= Games graph =

In graph theory, the Games graph is the largest known locally linear strongly regular graph. Its parameters as a strongly regular graph are (729,112,1,20). This means that it has 729 vertices, and 40824 edges (112 per vertex). Each edge is in a unique triangle (it is a locally linear graph) and each non-adjacent pair of vertices have exactly 20 shared neighbors. It is named after Richard A. Games, who suggested its construction in an unpublished communication and wrote about related constructions.

==Construction==
The construction of this graph involves the 56-point cap set in $PG(5,3)$. This is a subset of points with no three in line in the five-dimensional projective geometry over a three-element field, and is unique up to symmetry. The six-dimensional projective geometry, $PG(6,3)$, can be partitioned into a six-dimensional affine space $AG(6,3)$ and a copy of $PG(5,3)$, which forms the set of points at infinity with respect to the affine space. The Games graph has as its vertices the 729 points of the affine space $AG(6,3)$. Each line in the affine space goes through three of these points, and through a fourth point at infinity. The graph contains a triangle for every line of three affine points that passes through a point of the cap set.

==Properties==
Several of the graph's properties follow immediately from this construction. It has $729=3^6$ vertices, because the number of points in an affine space is the size of the base field to the power of the dimension. For each affine point, there are 56 lines through cap set points, 56 triangles containing the corresponding vertex, and $112=56\times 2$ neighbors of the vertex.
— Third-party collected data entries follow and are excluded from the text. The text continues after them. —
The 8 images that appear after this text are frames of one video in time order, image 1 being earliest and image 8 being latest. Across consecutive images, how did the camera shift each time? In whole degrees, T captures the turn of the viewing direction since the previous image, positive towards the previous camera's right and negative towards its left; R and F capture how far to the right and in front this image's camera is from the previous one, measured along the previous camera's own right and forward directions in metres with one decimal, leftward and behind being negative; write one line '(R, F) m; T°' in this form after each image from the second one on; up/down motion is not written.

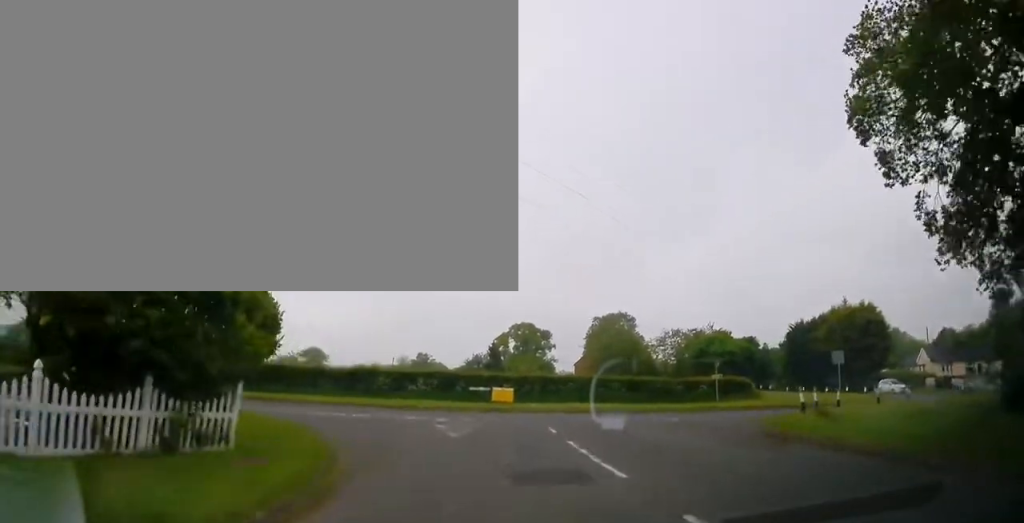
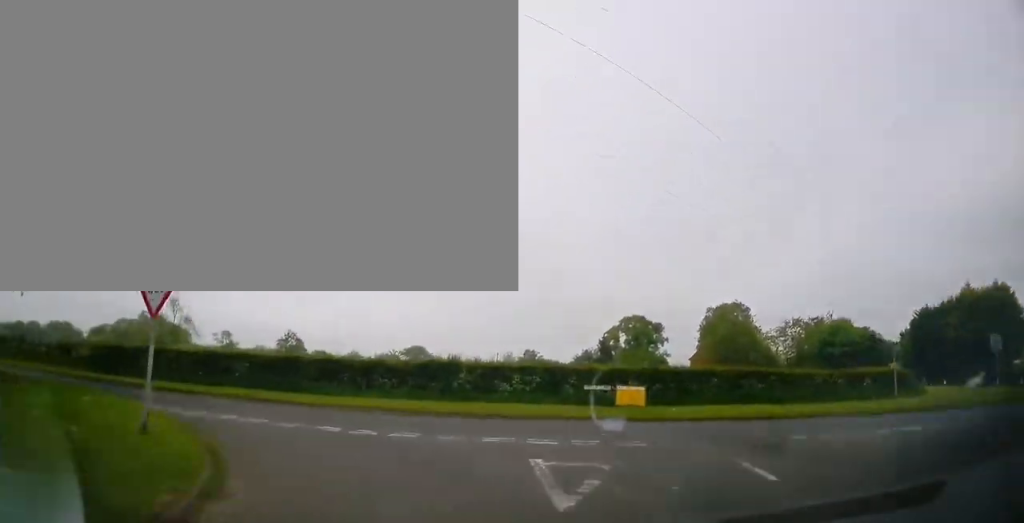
(-0.5, +9.0) m; -10°
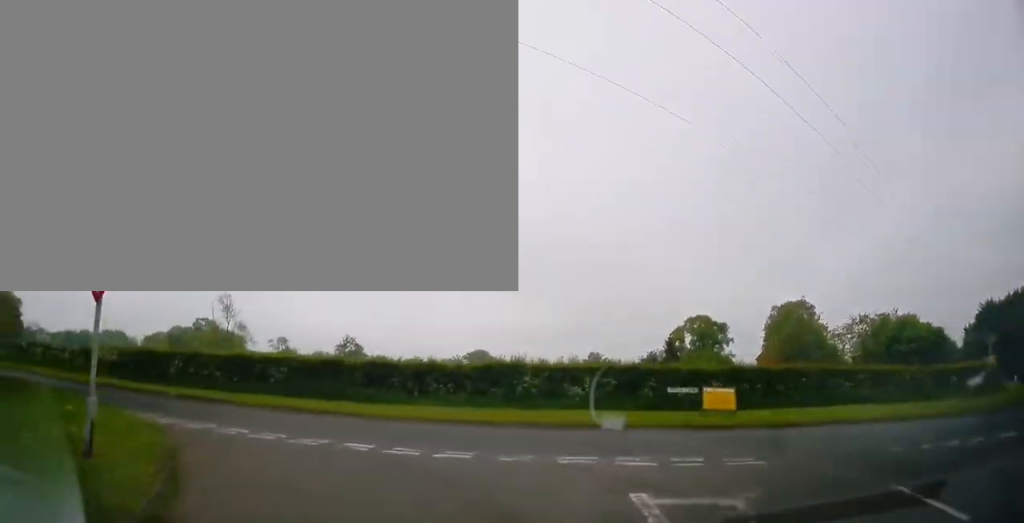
(-0.2, +2.8) m; -6°
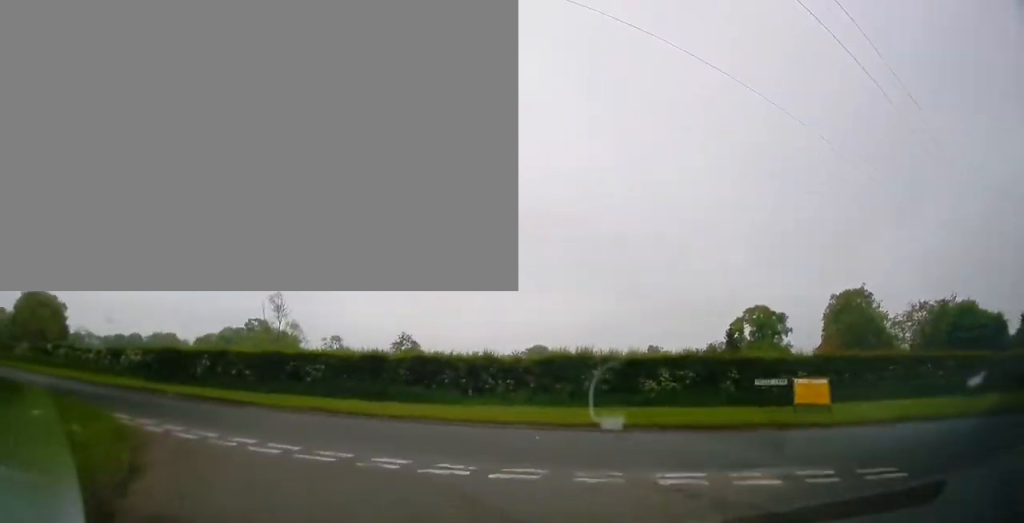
(-0.2, +2.8) m; -8°
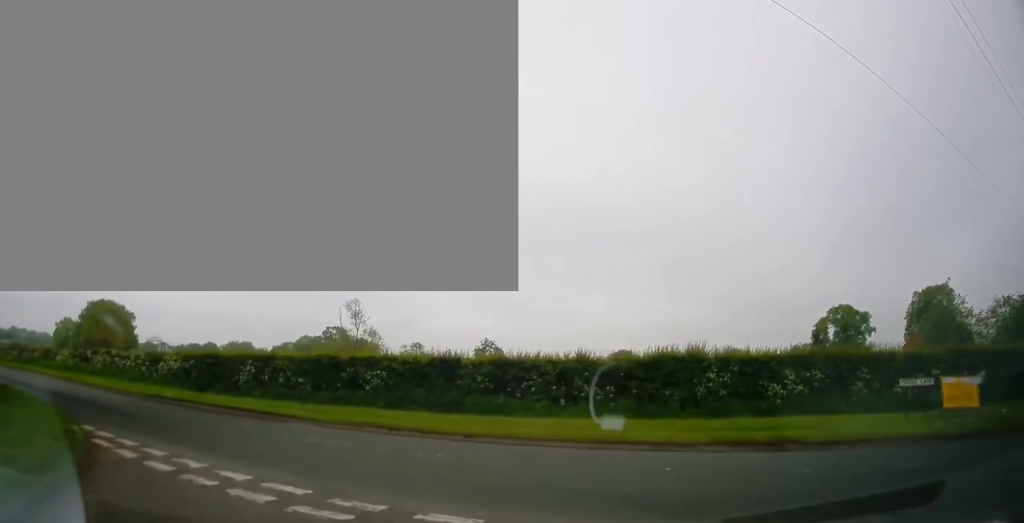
(-0.3, +3.6) m; -3°
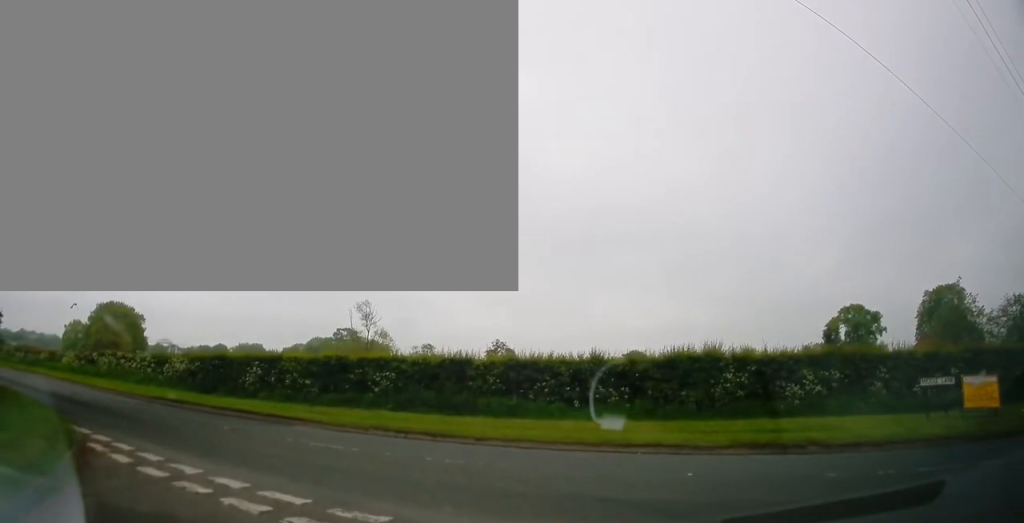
(+0.1, +0.8) m; 0°
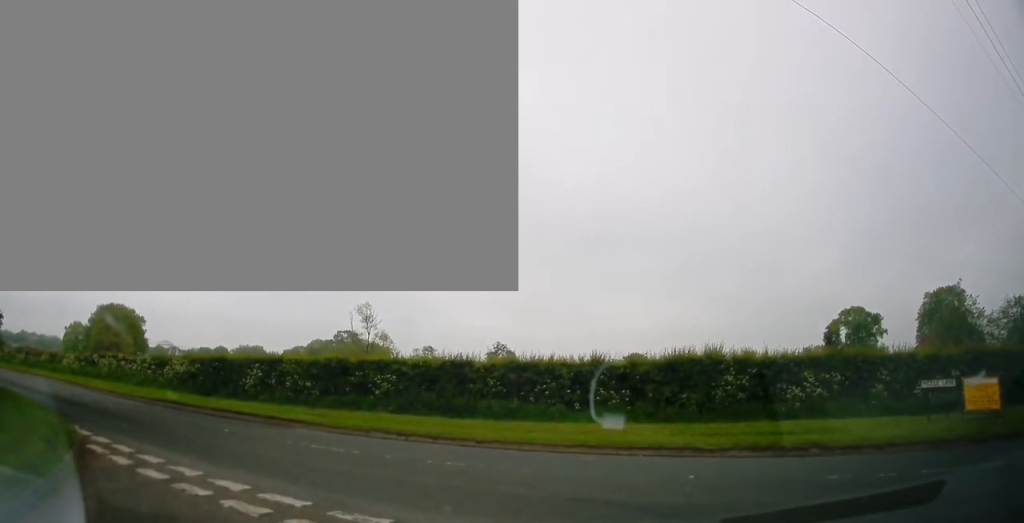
(0.0, +0.3) m; 0°
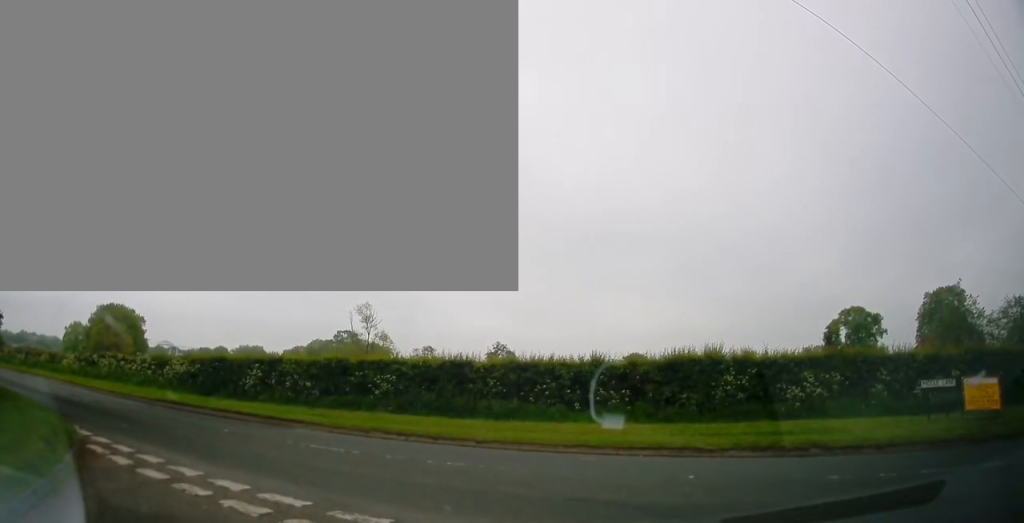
(0.0, 0.0) m; 0°
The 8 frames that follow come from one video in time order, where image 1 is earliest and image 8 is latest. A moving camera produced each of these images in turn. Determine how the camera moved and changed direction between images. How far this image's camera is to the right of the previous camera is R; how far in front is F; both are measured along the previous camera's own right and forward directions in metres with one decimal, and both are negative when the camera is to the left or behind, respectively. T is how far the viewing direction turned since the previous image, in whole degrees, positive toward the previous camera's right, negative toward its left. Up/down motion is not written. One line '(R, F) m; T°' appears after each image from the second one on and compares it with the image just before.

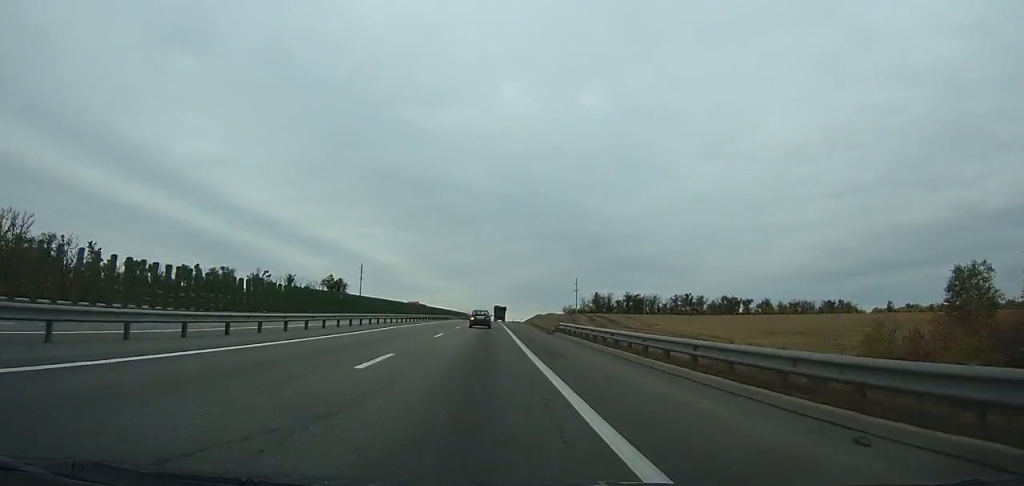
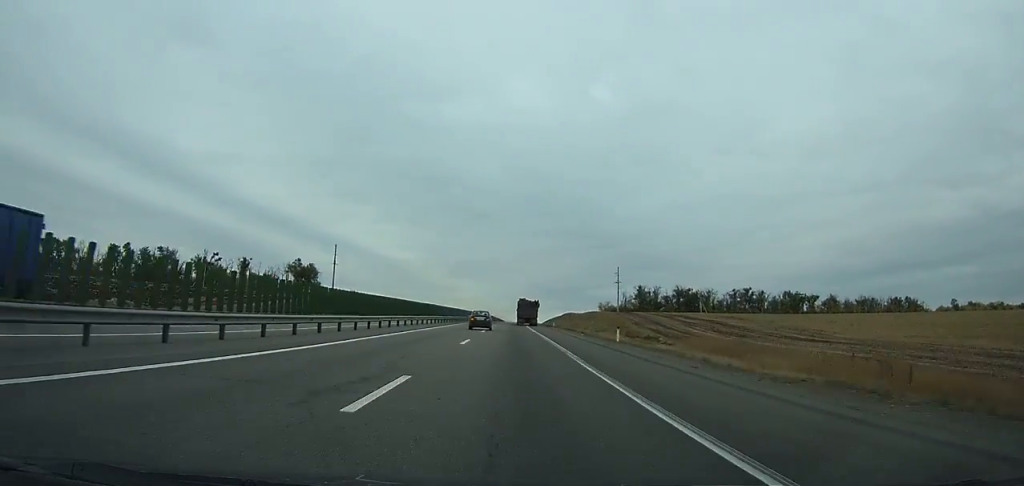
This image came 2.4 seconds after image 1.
(-0.1, +75.0) m; 0°
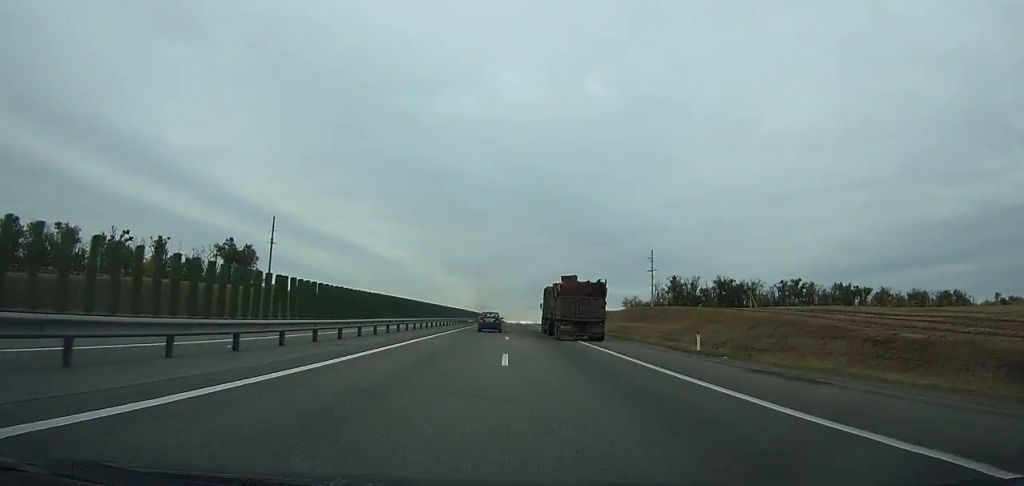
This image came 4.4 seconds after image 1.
(-0.1, +61.8) m; 0°
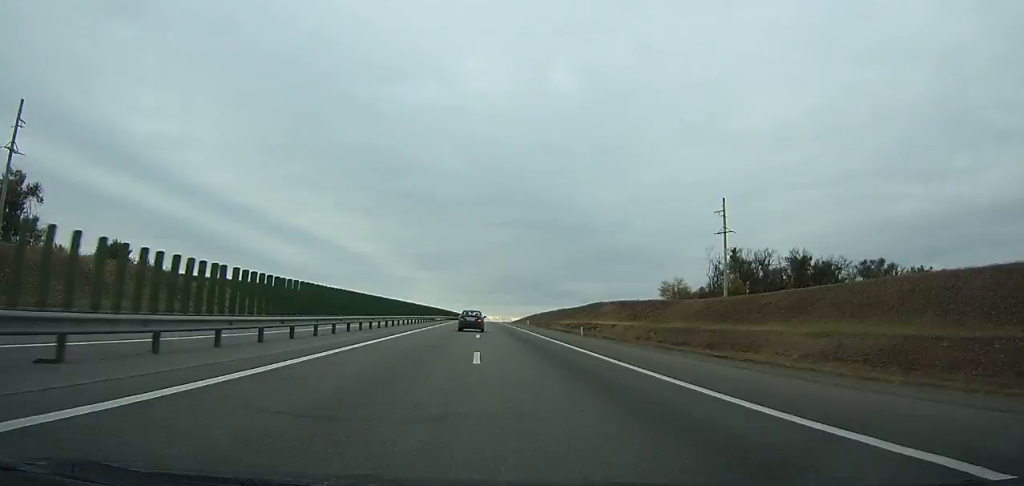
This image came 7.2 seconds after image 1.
(0.0, +83.7) m; +1°
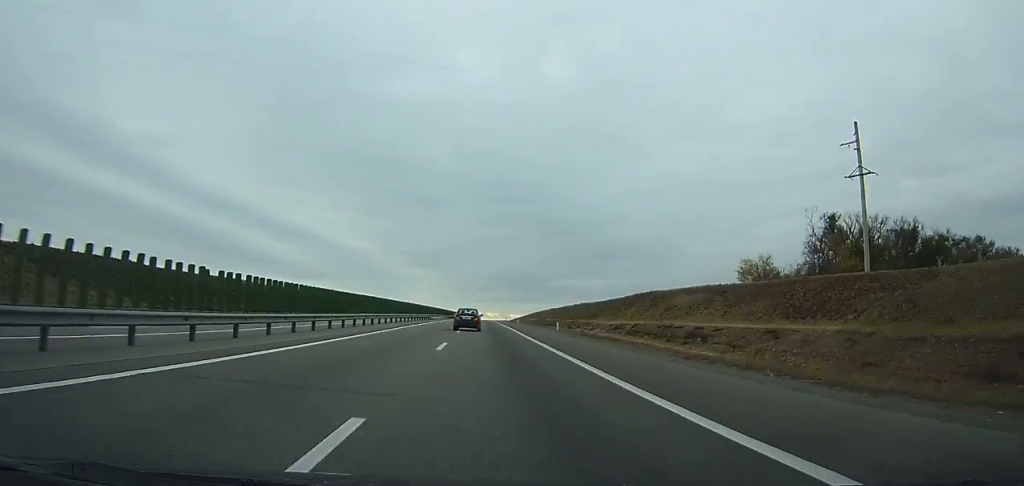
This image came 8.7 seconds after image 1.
(+0.8, +43.7) m; +1°
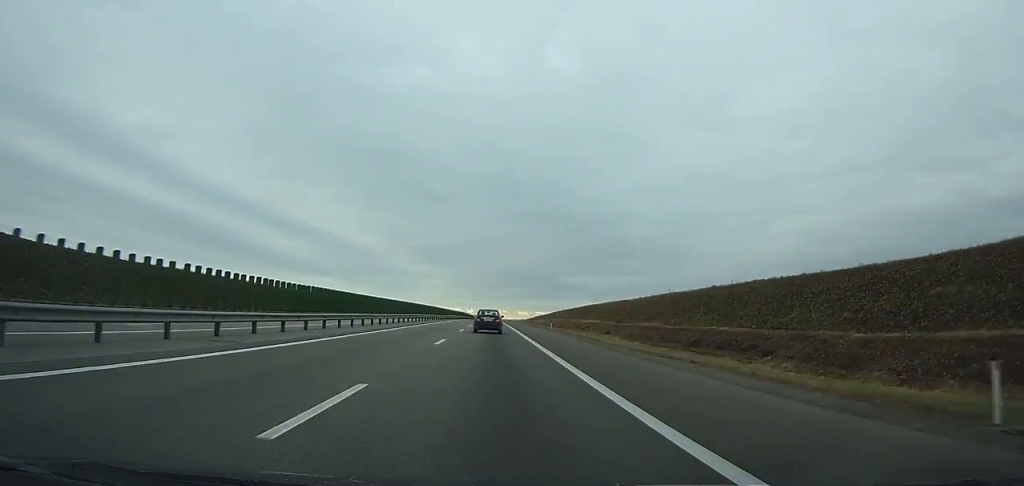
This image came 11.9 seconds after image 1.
(+0.6, +95.7) m; 0°
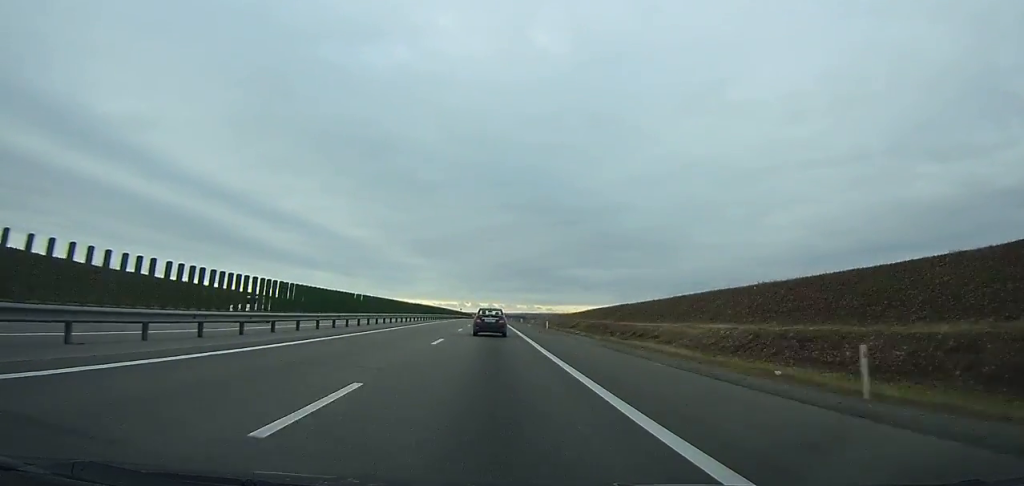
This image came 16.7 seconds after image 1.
(-0.1, +141.4) m; 0°
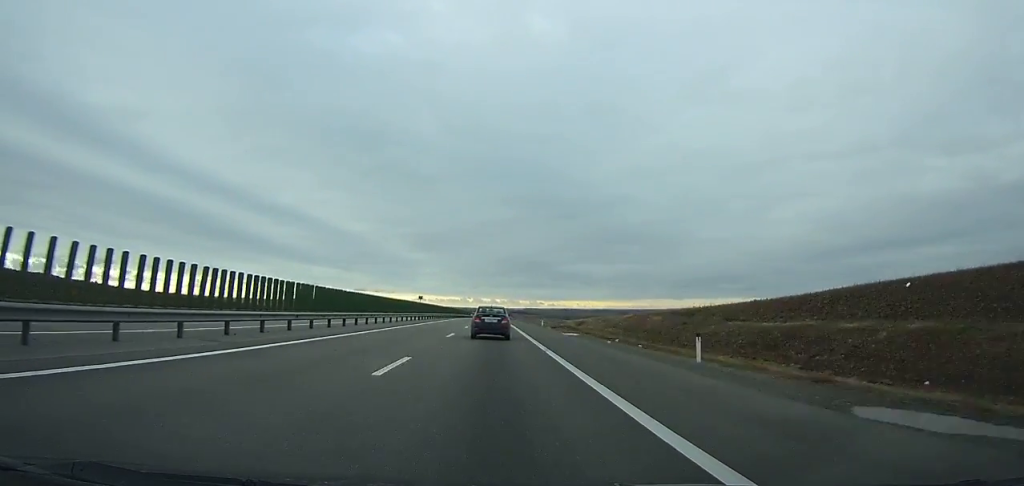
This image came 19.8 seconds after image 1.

And there can be no triangles other than the ones coming from the construction, because any other triangle would have to come from three different lines meeting in a common plane of $PG(6,3)$, and the three cap set points of the three lines would all lie on the intersection of this plane with $PG(5,3)$, which is a line. But this would violate the defining property of a cap set that it has no three points on a line, so no such extra triangle can exist. The remaining property of strongly regular graphs, that all non-adjacent pairs of points have the same number of shared neighbors, depends on the specific properties of the 5-dimensional cap set.

==Related graphs==
With the $3\times 3$ Rook's graph and the Brouwer–Haemers graph, the Games graph is one of only three possible strongly regular graphs whose parameters have the form $\bigl((n^2+3n-1)^2,n^2(n+3),1,n(n+1)\bigr)$.

The same properties that produce a strongly regular graph from a cap set can also be used with an 11-point cap set in $PG(4,3)$, producing a smaller strongly regular graph with parameters (243,22,1,2).
This graph is the Berlekamp–Van Lint–Seidel graph.